== Segment start ==

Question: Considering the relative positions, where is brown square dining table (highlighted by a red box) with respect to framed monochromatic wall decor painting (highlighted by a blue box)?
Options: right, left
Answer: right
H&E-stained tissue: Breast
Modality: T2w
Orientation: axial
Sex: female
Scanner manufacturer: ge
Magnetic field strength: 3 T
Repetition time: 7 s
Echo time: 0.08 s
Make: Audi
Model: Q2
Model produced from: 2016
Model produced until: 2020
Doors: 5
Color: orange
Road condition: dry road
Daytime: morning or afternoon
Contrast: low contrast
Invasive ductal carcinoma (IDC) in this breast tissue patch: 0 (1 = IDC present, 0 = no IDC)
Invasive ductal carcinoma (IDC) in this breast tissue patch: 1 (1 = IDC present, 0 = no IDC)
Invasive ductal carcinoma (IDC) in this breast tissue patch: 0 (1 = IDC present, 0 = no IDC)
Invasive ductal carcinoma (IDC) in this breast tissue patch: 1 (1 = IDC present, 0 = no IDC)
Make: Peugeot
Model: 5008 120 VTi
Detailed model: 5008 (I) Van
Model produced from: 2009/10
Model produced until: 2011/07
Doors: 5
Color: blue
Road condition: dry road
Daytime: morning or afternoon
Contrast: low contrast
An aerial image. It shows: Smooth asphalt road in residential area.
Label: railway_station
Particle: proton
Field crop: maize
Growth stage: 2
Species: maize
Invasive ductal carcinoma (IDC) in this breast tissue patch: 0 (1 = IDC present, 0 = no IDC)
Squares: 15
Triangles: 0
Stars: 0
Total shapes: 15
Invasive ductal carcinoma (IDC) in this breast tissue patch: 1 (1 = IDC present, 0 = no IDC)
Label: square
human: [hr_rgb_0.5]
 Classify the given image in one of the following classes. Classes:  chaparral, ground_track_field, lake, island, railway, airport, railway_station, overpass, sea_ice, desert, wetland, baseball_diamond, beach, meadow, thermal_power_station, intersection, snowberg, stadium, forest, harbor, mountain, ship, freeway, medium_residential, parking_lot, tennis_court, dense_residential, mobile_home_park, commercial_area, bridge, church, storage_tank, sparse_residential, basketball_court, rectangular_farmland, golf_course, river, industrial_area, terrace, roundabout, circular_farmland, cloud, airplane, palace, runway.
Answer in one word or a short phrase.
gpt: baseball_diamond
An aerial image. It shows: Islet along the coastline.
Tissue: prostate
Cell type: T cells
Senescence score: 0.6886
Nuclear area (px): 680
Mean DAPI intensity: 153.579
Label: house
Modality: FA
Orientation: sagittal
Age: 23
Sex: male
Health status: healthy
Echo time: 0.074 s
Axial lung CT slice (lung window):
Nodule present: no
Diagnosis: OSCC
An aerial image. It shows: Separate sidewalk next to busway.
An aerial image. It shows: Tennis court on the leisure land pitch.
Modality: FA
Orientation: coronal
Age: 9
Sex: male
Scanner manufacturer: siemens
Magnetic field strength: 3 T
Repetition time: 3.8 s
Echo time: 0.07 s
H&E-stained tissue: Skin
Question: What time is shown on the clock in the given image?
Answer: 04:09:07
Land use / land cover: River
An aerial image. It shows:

== Segment end ==

# WHAT IS REQUIRED
Write out the data a second time, exactly the same.

# COMPLETED EXERCISE
Question: Considering the relative positions, where is brown square dining table (highlighted by a red box) with respect to framed monochromatic wall decor painting (highlighted by a blue box)?
Options: right, left
Answer: right
H&E-stained tissue: Breast
Modality: T2w
Orientation: axial
Sex: female
Scanner manufacturer: ge
Magnetic field strength: 3 T
Repetition time: 7 s
Echo time: 0.08 s
Make: Audi
Model: Q2
Model produced from: 2016
Model produced until: 2020
Doors: 5
Color: orange
Road condition: dry road
Daytime: morning or afternoon
Contrast: low contrast
Invasive ductal carcinoma (IDC) in this breast tissue patch: 0 (1 = IDC present, 0 = no IDC)
Invasive ductal carcinoma (IDC) in this breast tissue patch: 1 (1 = IDC present, 0 = no IDC)
Invasive ductal carcinoma (IDC) in this breast tissue patch: 0 (1 = IDC present, 0 = no IDC)
Invasive ductal carcinoma (IDC) in this breast tissue patch: 1 (1 = IDC present, 0 = no IDC)
Make: Peugeot
Model: 5008 120 VTi
Detailed model: 5008 (I) Van
Model produced from: 2009/10
Model produced until: 2011/07
Doors: 5
Color: blue
Road condition: dry road
Daytime: morning or afternoon
Contrast: low contrast
An aerial image. It shows: Smooth asphalt road in residential area.
Label: railway_station
Particle: proton
Field crop: maize
Growth stage: 2
Species: maize
Invasive ductal carcinoma (IDC) in this breast tissue patch: 0 (1 = IDC present, 0 = no IDC)
Squares: 15
Triangles: 0
Stars: 0
Total shapes: 15
Invasive ductal carcinoma (IDC) in this breast tissue patch: 1 (1 = IDC present, 0 = no IDC)
Label: square
human: [hr_rgb_0.5]
 Classify the given image in one of the following classes. Classes:  chaparral, ground_track_field, lake, island, railway, airport, railway_station, overpass, sea_ice, desert, wetland, baseball_diamond, beach, meadow, thermal_power_station, intersection, snowberg, stadium, forest, harbor, mountain, ship, freeway, medium_residential, parking_lot, tennis_court, dense_residential, mobile_home_park, commercial_area, bridge, church, storage_tank, sparse_residential, basketball_court, rectangular_farmland, golf_course, river, industrial_area, terrace, roundabout, circular_farmland, cloud, airplane, palace, runway.
Answer in one word or a short phrase.
gpt: baseball_diamond
An aerial image. It shows: Islet along the coastline.
Tissue: prostate
Cell type: T cells
Senescence score: 0.6886
Nuclear area (px): 680
Mean DAPI intensity: 153.579
Label: house
Modality: FA
Orientation: sagittal
Age: 23
Sex: male
Health status: healthy
Echo time: 0.074 s
Axial lung CT slice (lung window):
Nodule present: no
Diagnosis: OSCC
An aerial image. It shows: Separate sidewalk next to busway.
An aerial image. It shows: Tennis court on the leisure land pitch.
Modality: FA
Orientation: coronal
Age: 9
Sex: male
Scanner manufacturer: siemens
Magnetic field strength: 3 T
Repetition time: 3.8 s
Echo time: 0.07 s
H&E-stained tissue: Skin
Question: What time is shown on the clock in the given image?
Answer: 04:09:07
Land use / land cover: River
An aerial image. It shows:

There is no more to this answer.